This concern with blending a central-plan church with a longitudinal nave, so fortuitously worked out at Vierzehnheiligen, found its fullest expression at Neresheim, Neumann’s last great church (1747-1792). Here the longitudinal oval of the crossing grows out of the ovals of the transepts and the two ovals which make up the nave and the two of the deep chancel, yet the whole is broken up in such a way that one sees only a vast and intricate articulated space over which the dome seems to float. Although altered somewhat after Neumann’s death, it still is the purest expression of his architectural ideas.

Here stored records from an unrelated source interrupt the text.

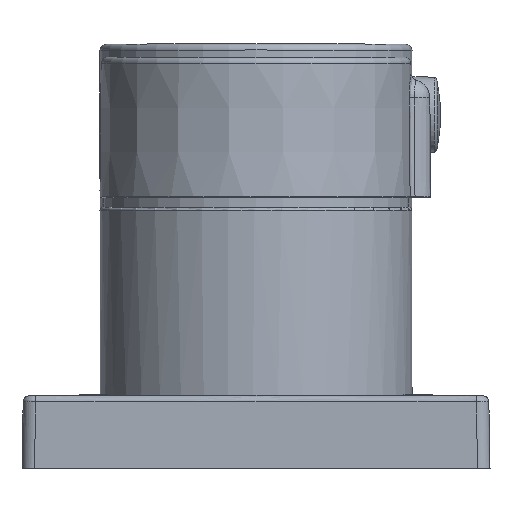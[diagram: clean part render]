
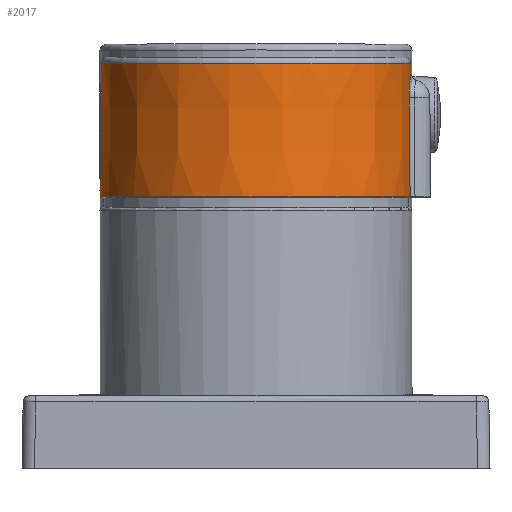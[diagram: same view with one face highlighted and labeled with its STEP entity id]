
A CAD part, left-side view. The second image highlights one B-rep face of the part: STEP entity #2017.
In plain terms, the highlighted conical face has half-angle 0.5 degrees and reference radius 25 mm.
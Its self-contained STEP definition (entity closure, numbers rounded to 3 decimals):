
#42 = B_SPLINE_CURVE_WITH_KNOTS ( 'NONE', 3,
 ( #2605, #789, #1615, #50, #1911, #319, #2180 ),
 .UNSPECIFIED., .F., .F.,
 ( 4, 3, 4 ),
 ( 0., 0.506, 1. ),
 .UNSPECIFIED. ) ;
#50 = CARTESIAN_POINT ( 'NONE',  ( -53.665, -24.547, 51.54 ) ) ;
#58 = EDGE_CURVE ( 'NONE', #1915, #2473, #1178, .T. ) ;
#116 = VERTEX_POINT ( 'NONE', #1552 ) ;
#167 = AXIS2_PLACEMENT_3D ( 'NONE', #1714, #1712, #1708 ) ;
#319 = CARTESIAN_POINT ( 'NONE',  ( -53.627, -24.507, 56.738 ) ) ;
#426 = DIRECTION ( 'NONE',  ( 0., 0., -1. ) ) ;
#429 = CARTESIAN_POINT ( 'NONE',  ( -46.016, -24.508, 56.691 ) ) ;
#447 = CARTESIAN_POINT ( 'NONE',  ( -53.608, -24.487, 59.337 ) ) ;
#525 = CONICAL_SURFACE ( 'NONE', #2298, 25., 0.009 ) ;
#572 = FACE_BOUND ( 'NONE', #1636, .T. ) ;
#591 = CARTESIAN_POINT ( 'NONE',  ( -45.921, -24.609, 43.539 ) ) ;
#618 = FACE_OUTER_BOUND ( 'NONE', #2828, .T. ) ;
#692 = CARTESIAN_POINT ( 'NONE',  ( -45.997, -24.528, 54.046 ) ) ;
#783 = EDGE_CURVE ( 'NONE', #2912, #2309, #1276, .T. ) ;
#789 = CARTESIAN_POINT ( 'NONE',  ( -53.703, -24.588, 46.206 ) ) ;
#839 = EDGE_CURVE ( 'NONE', #116, #116, #1396, .T. ) ;
#957 = CARTESIAN_POINT ( 'NONE',  ( -45.959, -24.569, 48.78 ) ) ;
#1178 = B_SPLINE_CURVE_WITH_KNOTS ( 'NONE', 3,
 ( #2726, #2916, #2662, #2606, #3098, #2970, #3062, #2743, #2618, #3085, #2775, #2740, #3073, #2709, #2934, #2783, #3043, #2139, #2804, #3057, #2772, #3110, #3090, #3105, #2901, #2913, #2761, #2838, #2987, #3102, #2707, #2925, #3014, #3048 ),
 .UNSPECIFIED., .F., .F.,
 ( 4, 2, 2, 2, 2, 2, 2, 2, 2, 2, 2, 2, 2, 2, 2, 2, 4 ),
 ( 0., 0.062, 0.125, 0.187, 0.219, 0.25, 0.375, 0.437, 0.5, 0.562, 0.594, 0.625, 0.687, 0.719, 0.75, 0.875, 1. ),
 .UNSPECIFIED. ) ;
#1187 = DIRECTION ( 'NONE',  ( 0., 1., 0. ) ) ;
#1209 = CARTESIAN_POINT ( 'NONE',  ( -45.921, -24.609, 43.539 ) ) ;
#1276 = CIRCLE ( 'NONE', #2753, 24.998 ) ;
#1396 = CIRCLE ( 'NONE', #167, 24.812 ) ;
#1544 = ORIENTED_EDGE ( 'NONE', *, *, #2919, .T. ) ;
#1552 = CARTESIAN_POINT ( 'NONE',  ( -49.822, 24.895, 64.873 ) ) ;
#1615 = CARTESIAN_POINT ( 'NONE',  ( -53.684, -24.568, 48.873 ) ) ;
#1636 = EDGE_LOOP ( 'NONE', ( #2926 ) ) ;
#1708 = DIRECTION ( 'NONE',  ( 0., 1., 0. ) ) ;
#1712 = DIRECTION ( 'NONE',  ( 0., 0., -1. ) ) ;
#1714 = CARTESIAN_POINT ( 'NONE',  ( -49.822, 0.083, 64.873 ) ) ;
#1728 = DIRECTION ( 'NONE',  ( 0., -1., 0. ) ) ;
#1731 = DIRECTION ( 'NONE',  ( 0., 0., 1. ) ) ;
#1740 = CARTESIAN_POINT ( 'NONE',  ( -49.822, 0.083, 43.539 ) ) ;
#1911 = CARTESIAN_POINT ( 'NONE',  ( -53.646, -24.527, 54.139 ) ) ;
#1915 = VERTEX_POINT ( 'NONE', #447 ) ;
#2017 = ADVANCED_FACE ( 'NONE', ( #572, #618 ), #525, .T. ) ;
#2022 = CARTESIAN_POINT ( 'NONE',  ( -49.822, 0.083, 43.337 ) ) ;
#2139 = CARTESIAN_POINT ( 'NONE',  ( -49.57, -24.744, 63.184 ) ) ;
#2180 = CARTESIAN_POINT ( 'NONE',  ( -53.608, -24.487, 59.337 ) ) ;
#2254 = B_SPLINE_CURVE_WITH_KNOTS ( 'NONE', 3,
 ( #2781, #429, #692, #2490, #957, #2691, #1209 ),
 .UNSPECIFIED., .F., .F.,
 ( 4, 3, 4 ),
 ( 0., 0.502, 1. ),
 .UNSPECIFIED. ) ;
#2265 = ORIENTED_EDGE ( 'NONE', *, *, #2790, .T. ) ;
#2298 = AXIS2_PLACEMENT_3D ( 'NONE', #2022, #426, #1187 ) ;
#2309 = VERTEX_POINT ( 'NONE', #2719 ) ;
#2473 = VERTEX_POINT ( 'NONE', #2524 ) ;
#2490 = CARTESIAN_POINT ( 'NONE',  ( -45.978, -24.548, 51.4 ) ) ;
#2524 = CARTESIAN_POINT ( 'NONE',  ( -46.035, -24.487, 59.337 ) ) ;
#2594 = ORIENTED_EDGE ( 'NONE', *, *, #783, .T. ) ;
#2605 = CARTESIAN_POINT ( 'NONE',  ( -53.722, -24.609, 43.539 ) ) ;
#2606 = CARTESIAN_POINT ( 'NONE',  ( -53.485, -24.497, 60.326 ) ) ;
#2618 = CARTESIAN_POINT ( 'NONE',  ( -52.832, -24.574, 61.667 ) ) ;
#2662 = CARTESIAN_POINT ( 'NONE',  ( -53.581, -24.487, 59.839 ) ) ;
#2691 = CARTESIAN_POINT ( 'NONE',  ( -45.94, -24.589, 46.159 ) ) ;
#2707 = CARTESIAN_POINT ( 'NONE',  ( -46.517, -24.54, 61.272 ) ) ;
#2709 = CARTESIAN_POINT ( 'NONE',  ( -51.048, -24.716, 62.985 ) ) ;
#2719 = CARTESIAN_POINT ( 'NONE',  ( -53.722, -24.609, 43.539 ) ) ;
#2726 = CARTESIAN_POINT ( 'NONE',  ( -53.608, -24.487, 59.337 ) ) ;
#2740 = CARTESIAN_POINT ( 'NONE',  ( -52.152, -24.643, 62.408 ) ) ;
#2743 = CARTESIAN_POINT ( 'NONE',  ( -52.904, -24.566, 61.567 ) ) ;
#2753 = AXIS2_PLACEMENT_3D ( 'NONE', #1740, #1731, #1728 ) ;
#2761 = CARTESIAN_POINT ( 'NONE',  ( -47.51, -24.643, 62.384 ) ) ;
#2772 = CARTESIAN_POINT ( 'NONE',  ( -48.838, -24.726, 63.054 ) ) ;
#2775 = CARTESIAN_POINT ( 'NONE',  ( -52.595, -24.599, 61.954 ) ) ;
#2781 = CARTESIAN_POINT ( 'NONE',  ( -46.035, -24.487, 59.337 ) ) ;
#2783 = CARTESIAN_POINT ( 'NONE',  ( -50.324, -24.74, 63.159 ) ) ;
#2790 = EDGE_CURVE ( 'NONE', #2309, #1915, #42, .T. ) ;
#2804 = CARTESIAN_POINT ( 'NONE',  ( -49.323, -24.74, 63.159 ) ) ;
#2828 = EDGE_LOOP ( 'NONE', ( #1544, #2594, #2265, #3118 ) ) ;
#2838 = CARTESIAN_POINT ( 'NONE',  ( -47.319, -24.626, 62.223 ) ) ;
#2901 = CARTESIAN_POINT ( 'NONE',  ( -47.915, -24.676, 62.669 ) ) ;
#2912 = VERTEX_POINT ( 'NONE', #591 ) ;
#2913 = CARTESIAN_POINT ( 'NONE',  ( -47.609, -24.651, 62.46 ) ) ;
#2916 = CARTESIAN_POINT ( 'NONE',  ( -53.607, -24.485, 59.59 ) ) ;
#2919 = EDGE_CURVE ( 'NONE', #2473, #2912, #2254, .T. ) ;
#2925 = CARTESIAN_POINT ( 'NONE',  ( -46.136, -24.494, 60.332 ) ) ;
#2926 = ORIENTED_EDGE ( 'NONE', *, *, #839, .T. ) ;
#2934 = CARTESIAN_POINT ( 'NONE',  ( -50.81, -24.726, 63.059 ) ) ;
#2970 = CARTESIAN_POINT ( 'NONE',  ( -53.223, -24.529, 61.034 ) ) ;
#2987 = CARTESIAN_POINT ( 'NONE',  ( -47.227, -24.617, 62.137 ) ) ;
#3014 = CARTESIAN_POINT ( 'NONE',  ( -46.039, -24.483, 59.844 ) ) ;
#3043 = CARTESIAN_POINT ( 'NONE',  ( -50.073, -24.744, 63.184 ) ) ;
#3048 = CARTESIAN_POINT ( 'NONE',  ( -46.035, -24.487, 59.337 ) ) ;
#3057 = CARTESIAN_POINT ( 'NONE',  ( -48.958, -24.73, 63.085 ) ) ;
#3062 = CARTESIAN_POINT ( 'NONE',  ( -53.107, -24.543, 61.255 ) ) ;
#3073 = CARTESIAN_POINT ( 'NONE',  ( -51.745, -24.678, 62.688 ) ) ;
#3085 = CARTESIAN_POINT ( 'NONE',  ( -52.676, -24.591, 61.861 ) ) ;
#3090 = CARTESIAN_POINT ( 'NONE',  ( -48.479, -24.71, 62.935 ) ) ;
#3098 = CARTESIAN_POINT ( 'NONE',  ( -53.414, -24.506, 60.563 ) ) ;
#3102 = CARTESIAN_POINT ( 'NONE',  ( -46.787, -24.573, 61.686 ) ) ;
#3105 = CARTESIAN_POINT ( 'NONE',  ( -48.133, -24.691, 62.788 ) ) ;
#3110 = CARTESIAN_POINT ( 'NONE',  ( -48.599, -24.716, 62.98 ) ) ;
#3118 = ORIENTED_EDGE ( 'NONE', *, *, #58, .T. ) ;

Neumann’s churches are greater in number and design variety than his almost two dozen palaces, in which the epic power of his architectural language is boldest. He employed a range of design strategies to achieve extraordinary spatial compositions, exploring relations between spatial figures, their arrangements within differently shaped outer shells, and lucid transparencies of the whole. He choreographed movement in the architecture (and for the user), orchestrated light, and promoted the elaboration of all his innovations by means of various artistic media such as painting, sculpture, stucco, and gilding. His great pilgrimage church at Vierzehnheiligen (1743–1753; completed 1772) and monumental Benedictine monastery church at Neresheim (1749–1753; completed 1792) are two of his most spectacular churches.